Use a global variable that is an array of ints with 10*NUMTHREADS entries. The digit counts for each thread should be stored in that array. For this version store the counts from all the threads for a single digit together (e.g. entries 0 through NUMTHREADS-1 are used to keep track of the number of 0's, entries NUMTHREADS through 2*NUMTHREADS-1 are used to keep track of the number of 1's, etc.). Again, because each thread has its own section of the array, there is no need for a mutex! After all the threads have joined, loop through this new array of arrays, and sum the counts for each digit.
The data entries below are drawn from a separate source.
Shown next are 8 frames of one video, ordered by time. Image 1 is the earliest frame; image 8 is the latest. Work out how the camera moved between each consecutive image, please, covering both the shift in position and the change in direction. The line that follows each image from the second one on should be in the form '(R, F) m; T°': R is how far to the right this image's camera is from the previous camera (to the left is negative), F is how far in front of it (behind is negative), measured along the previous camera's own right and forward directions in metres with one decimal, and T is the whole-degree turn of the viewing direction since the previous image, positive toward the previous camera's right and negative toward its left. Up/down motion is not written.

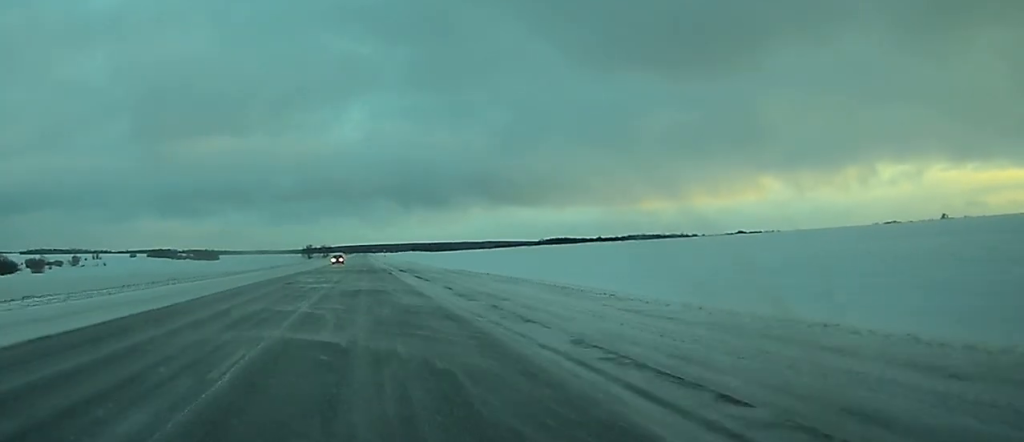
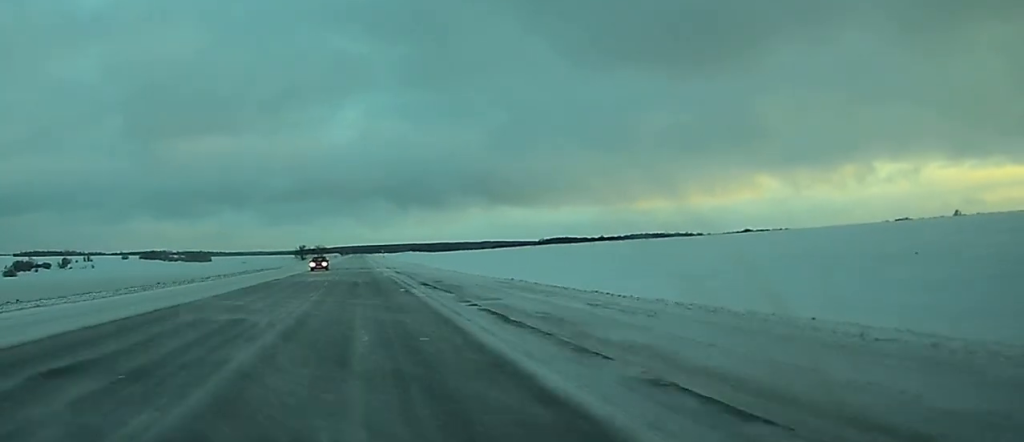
(-0.1, +28.5) m; 0°
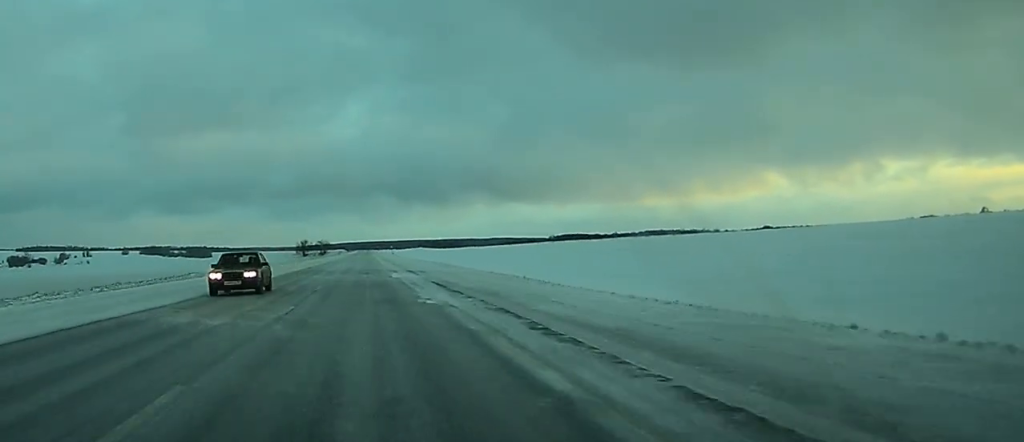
(0.0, +34.3) m; 0°
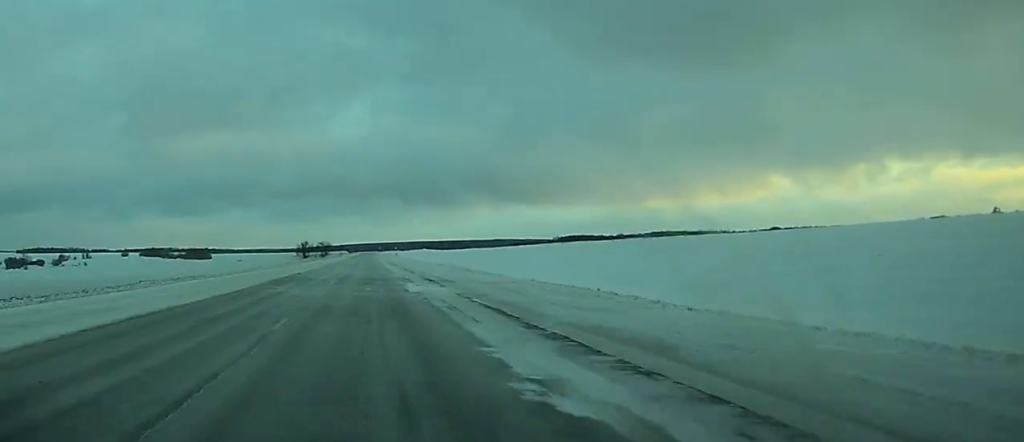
(0.0, +14.3) m; 0°
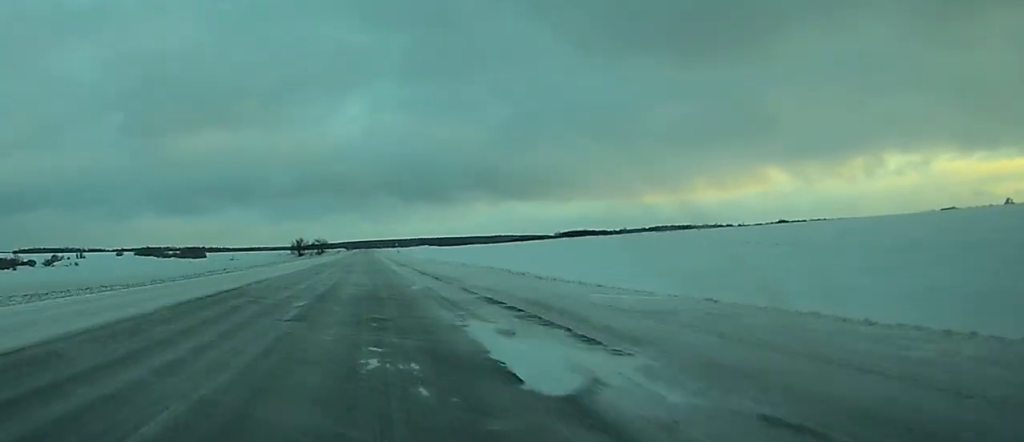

3. Learn about false sharing and prevent it. Chapter 7 in Introduction to Parallel Computing talks about Pthreads. They have a nice description of false sharing. Read this and then try to prevent false sharing in the version e of this problem (Global Counter Array of Arrays, Grouped by Thread, no Mutex). To do so, use an array of padded ints instead of an array of ints. Here is my definition of a padded int.
```typedef struct {
int value;
```

### Ideas for Extensions

• The code to determine the first digit of a number is not itself particularly efficient. Re-implement it more efficiently. In your write-up include data showing that the new implementation decreases the runtime.
• Revisit the first parallel version (with one mutex that is frequently locked). Does it affect performance if we lock the mutex before we determine the leading digit?
• When we run the code on the given data sets, we expect the entry counts 1's to be the most frequently used. This could affect the performance for some of the implementations. How does the performance change when we use data that does not follow Benford's Law (and instead has a uniform distribution of leading digits)? Can you tell if that performance change is due to updating the counts array or to increased computation time in leadingDigit?
• Vary the number of threads. Determine how the runtime depends on the number of threads.

### Writeup and Handin

To hand in your project, you will gather all of the necessary files into a proj04 directory:

1. Create a file named README.txt and use it to describe your code organization (e.g. info about how to make and run it).
2. Create a second file for you project report. This file should be in a format that allows you to include charts or images (such as .docx or .pdf). This week, I want you to collect timing information from all of your runs and then analyze the results. The analysis is a significant part of the project, so don't leave it until the last minute, when you are too tired to think clearly. Here's the data I want you to collect: the number of seconds it takes to run each version of the program. You should record this at least 5 times for each program. Drop the min and max values from these 5 and then report the mean of the middle 3. Present the data so that it is as easy to read as possible -- if there are lots of numbers then please use some sort of graphic, if not a table would work just fine. You may format your analysis however you would like to, but be sure to answer the following questions: What conclusions can you draw? What can you say about the roles of mutex locks for this problem? Does false sharing slow down the program, if you don't prevent it? Which version of the code is the one you would most like to write? Which would you most like to run?
3. You should hand in all code necessary to run your solutions. Place all necessary .h, .c, and Makefile files in the proj04 directory. Stephanie will probably want to compile and run the code. It should be possible to do so without looking for any more files.

Zip up the directory and put it in your Private folder on Courses/CS336.